Coefficients of additional regressors and contributions to the result

[ASevastkms]

Good day!

I have built a model with Profet and the prediction results are very good. But in my model there are 4 additional regressors (for simplicity - A, B, C, D) and I need to get their coefficients and how much the forecast result depends on each of them (contributions of the regressors). I am using regressor_coefficients () function and I get:

regressor | regressor_mode | center | coef_lower | coef | coef_upper A | additive | 1581.334616 | 0.000153 | 0.000153 | 0.000153 B | additive | 655.913061 | -0.003166 | -0.003166 | -0.003166 C | additive | 0.000000 | 0.000000 | 0.000000 | 0.000000 D | additive | 0.000000 | 0.000000 | 0.000000 | 0.000000

And when using m.train_component_cols.T.dot (np.array (m.params ['beta']) [0]) I get the following:

component A 0.000248 B -0.002786 C 0.000000 D 0.000000

Do I understand correctly that in the second case the coefficients are standardized, but in the first case they are no longer?

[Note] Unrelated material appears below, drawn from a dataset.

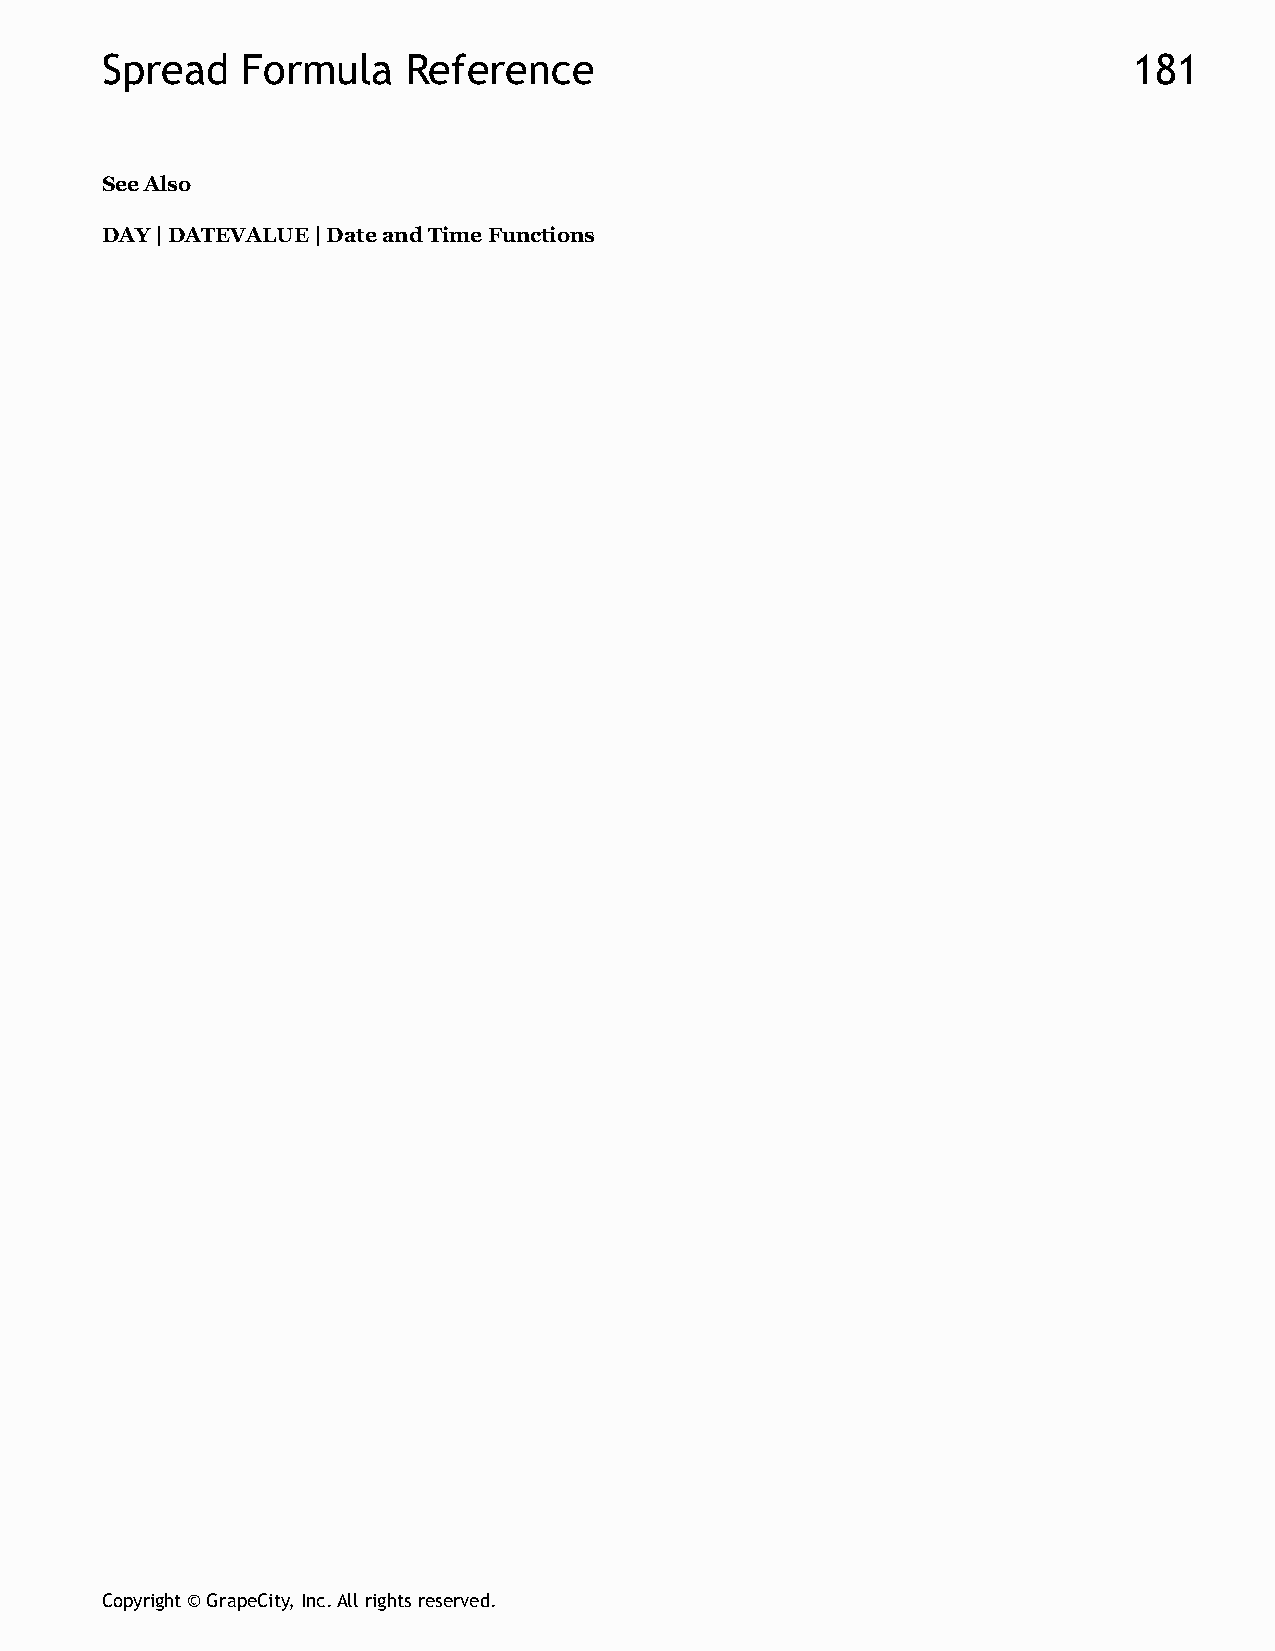
Spread   Formula    Reference                                       181
 See Also
 DAY | DATEVALUE | Date and Time Functions
 Copyright © GrapeCity, Inc. All rights reserved.

When I do forecast = m.predict (future) I get:

A | A_lower | A_upper | B | B_lower | B_upper -0,24199 | -0,24199 | -0,24199 | 2,076534 | 2,076534 | 2,076534

What is it? Are these the contributions of the regressors to the result? Then why the regressor A with a positive coefficient gives a negative contribution, I do not understand, tell me, please. Sorry for bad english)

[tcuongd]

1) Yes that's correct, regressor_coefficients() un-standardizes the coefficients.

2) Just checking that what you've pasted isn't the value of the extra regressors for the prediction period? (i.e. you'd have columns A, B, C, D with their actual values as well as inputs to the prediction).

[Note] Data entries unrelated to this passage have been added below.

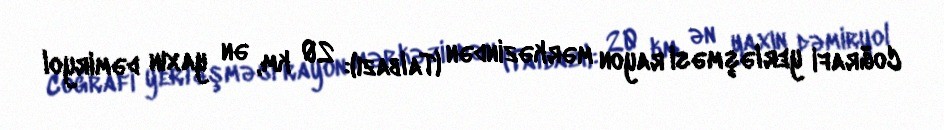
Coğrafi yerləşməsi rayon mərkəzindən (Talbazı): 20 km, ən yaxın dəmiryol
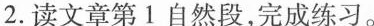
2.读文章第1自然段，完成练习。
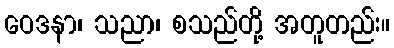
ဝေဒနာ၊ သညာ၊ စသည်တို့ အတူတည်း။
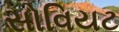
સોવિયટ
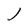
Character: J
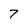
Character: 7
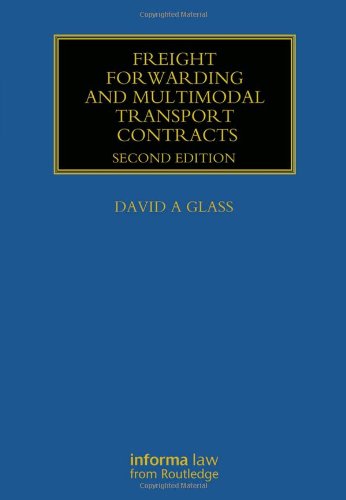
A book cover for Freight Forwarding and Multi Modal Transport Contracts (Maritime and Transport Law Library); David Glass; Business & Money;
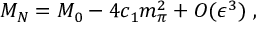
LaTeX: M _ { N } = M _ { 0 } - 4 c _ { 1 } m _ { \pi } ^ { 2 } + { \cal O } ( \epsilon ^ { 3 } ) \, \, ,
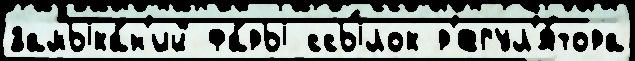
замыка́н'ий фа́ры ссы́лок р'егул'я́тора
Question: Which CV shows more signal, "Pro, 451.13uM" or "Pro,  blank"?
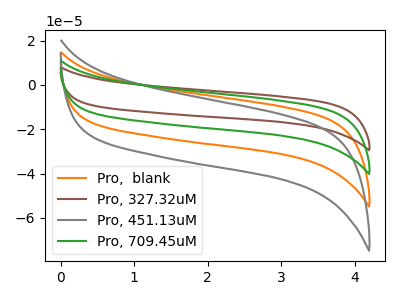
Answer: <think>The orange curve "Pro,  blank" has no peaks. The brown curve "Pro, 327.32uM" has no peaks. The gray curve "Pro, 451.13uM" has no peaks. The green curve "Pro, 709.45uM" has no peaks.
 Neither "Pro, 451.13uM" or "Pro,  blank" have any peaks.</think>
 <answer>I cant tell if "Pro, 451.13uM" or "Pro,  blank" has more signal.</answer>
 <eval>mixed_signal</eval>
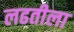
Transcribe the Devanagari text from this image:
लढतीला
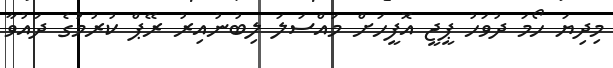
މިދިޔަ ހޯމަ ދުވަހު ޕީޖީ އޮފީހަށް މައްސަލަ ލިބުނުއިރު ރޭޕް ކުރުމުގެ ދައުވާ
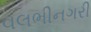
વલભીનગરી
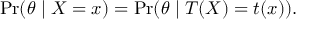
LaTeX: \operatorname* { P r } ( \theta \mid X = x ) = \operatorname* { P r } ( \theta \mid T ( X ) = t ( x ) ) .
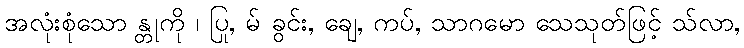
အလုံးစုံသော န္တုကို ၊ ပြု, မ် ခွင်း, ချေ, ကပ်, သာဂမော သေသုတ်ဖြင့် သ်လာ,
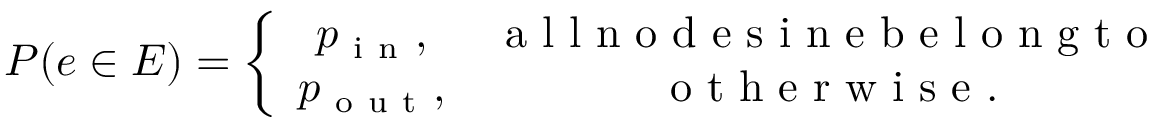
\begin{array} { r } { P ( e \in E ) = \left\{ \begin{array} { c c } { p _ { \mathrm { ~ i ~ n ~ } } , } & { \mathrm { ~ a ~ l ~ l ~ n ~ o ~ d ~ e ~ s ~ i ~ n ~ e ~ b ~ e ~ l ~ o ~ n ~ g ~ t ~ o ~ } } \\ { p _ { \mathrm { ~ o ~ u ~ t ~ } } , } & { \mathrm { ~ o ~ t ~ h ~ e ~ r ~ w ~ i ~ s ~ e ~ } . } \end{array} \right. } \end{array}
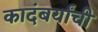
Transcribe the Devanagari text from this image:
कादंबर्यांची
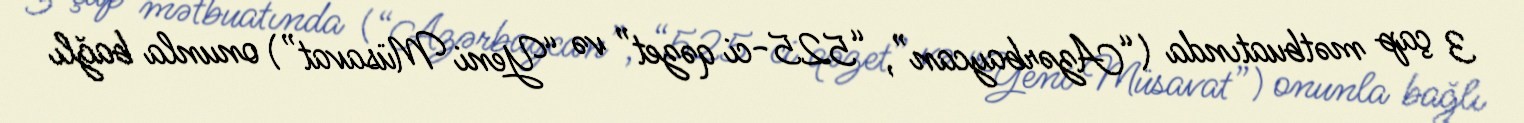
3 çap mətbuatında (“Azərbaycan”, “525-ci qəzet” və “Yeni Müsavat”) onunla bağlı
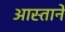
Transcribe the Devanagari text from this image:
आस्ताने
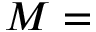
M =
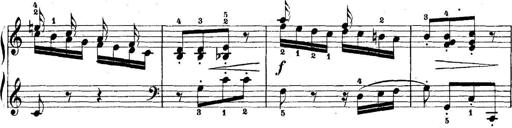
Title: 5 Sonatinas
Composer: Theodor Kirchner
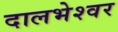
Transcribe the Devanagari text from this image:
दालभेश्वर
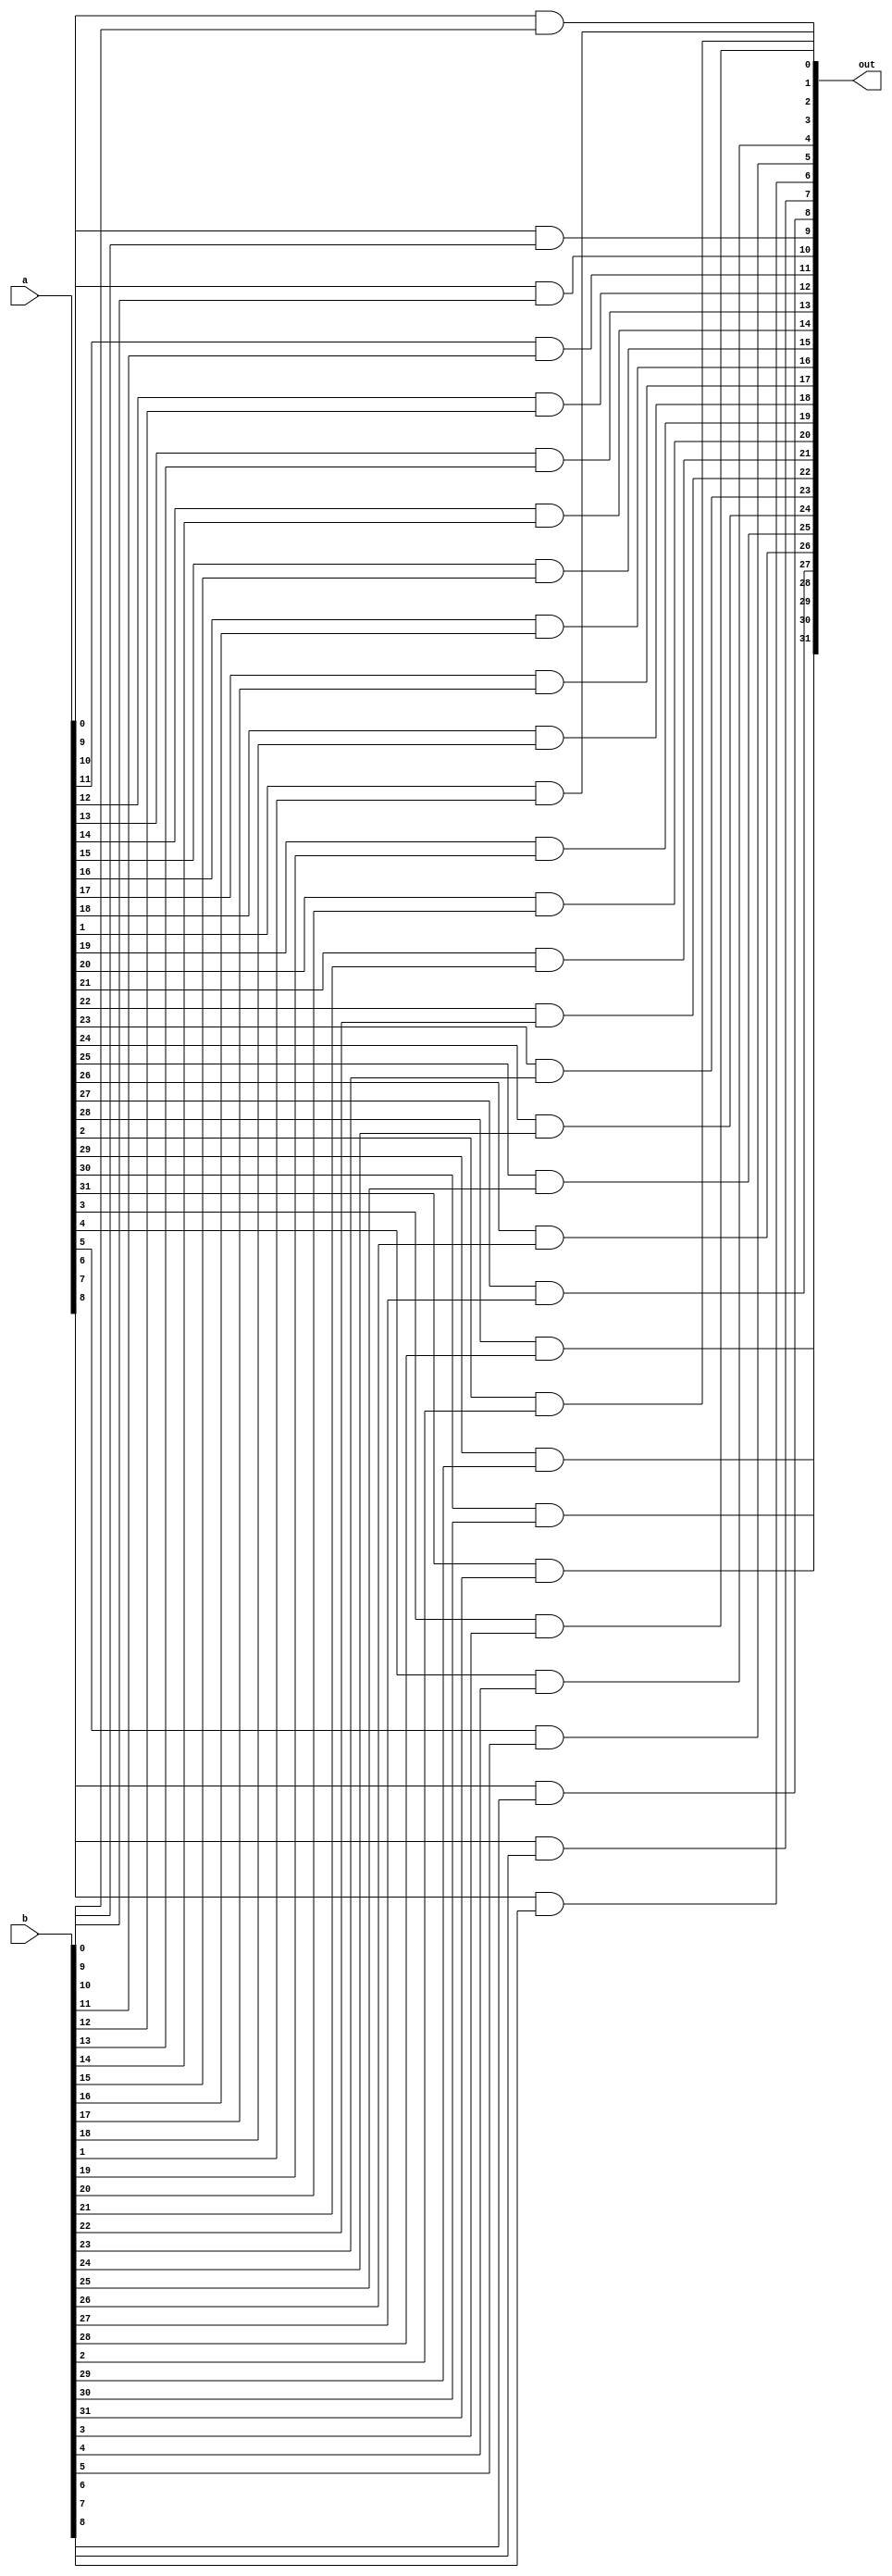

If not, then yes they should be the contributions of those regressors to yhat. The contribution can be negative if the value of A is below the "center" -- the contribution to the prediction is coefficient_standardized * (A_value - center) / std

[elif-tr]

Hi @tcuongd I have been trying to recreate the calculated values of each variables contribution from the above formula you stated but unfortunately, I am unable to do so. I am unclear on whether I am missing any steps along the process but I would very much appreciate your help on this before by deadline to explain it to the stakeholders.

I would like to give examples just for the simplicity so we can follow the steps.

The variable I have lets say is X - (I have quite a lot of them) and the output of the regressor_coefficients() as follows:

regressor | regressor_mode | center | coef_lower | coef | coef_upper X | additive | 409262.904434 | 0.000059 | 0.000059 | 0.000059

The above coefficient is the un-standardized value of that variables coefficient which we do not use to calculate its contribution?

Then from the mentioned above method: m.train_component_cols.T.dot (np.array (m.params ['beta']) [0]) I get the following gives me X = 0.003110 which is the unstandardized coefficient for the X variable, is that correct?

Then I look at the df of prediction outputs. On the first day (t) I see the value of X as -24.332580 and the next day (t+1) 124.304026.

In the actual data frame, the raw value I have for X in first day (t) is 0 and the second day (t+1) is 2500000.0.

And from the extra regressors dictionary out of the model, I extract the following information:

('X', {'prior_scale': 5.0, 'standardize': 'auto', 'mu': 409262.9044342508, 'std': 840476.036516692, 'mode': 'additive'})

So as for the contribution of the X on the first day (t) in the model, it should be:

0.003110 * ((0 - 409262.9044342508)/840476.036516692)

and for the next day (t+1): 0.003110 * ((2500000.0 - 409262.9044342508)/840476.036516692)

but these calculations are not giving me anywhere near numbers of -24.332580 or 124.304026. Would you be able to, please, point out the steps that I am missing in calculation the contribution of each regressor to the yhat on a given day?

I am so hoping that you would see my question sometime soon..

[DariaGoncharenko]

Hi @elif-tr , did you solve this case? I am having the same issue with this part and trying to find the solution.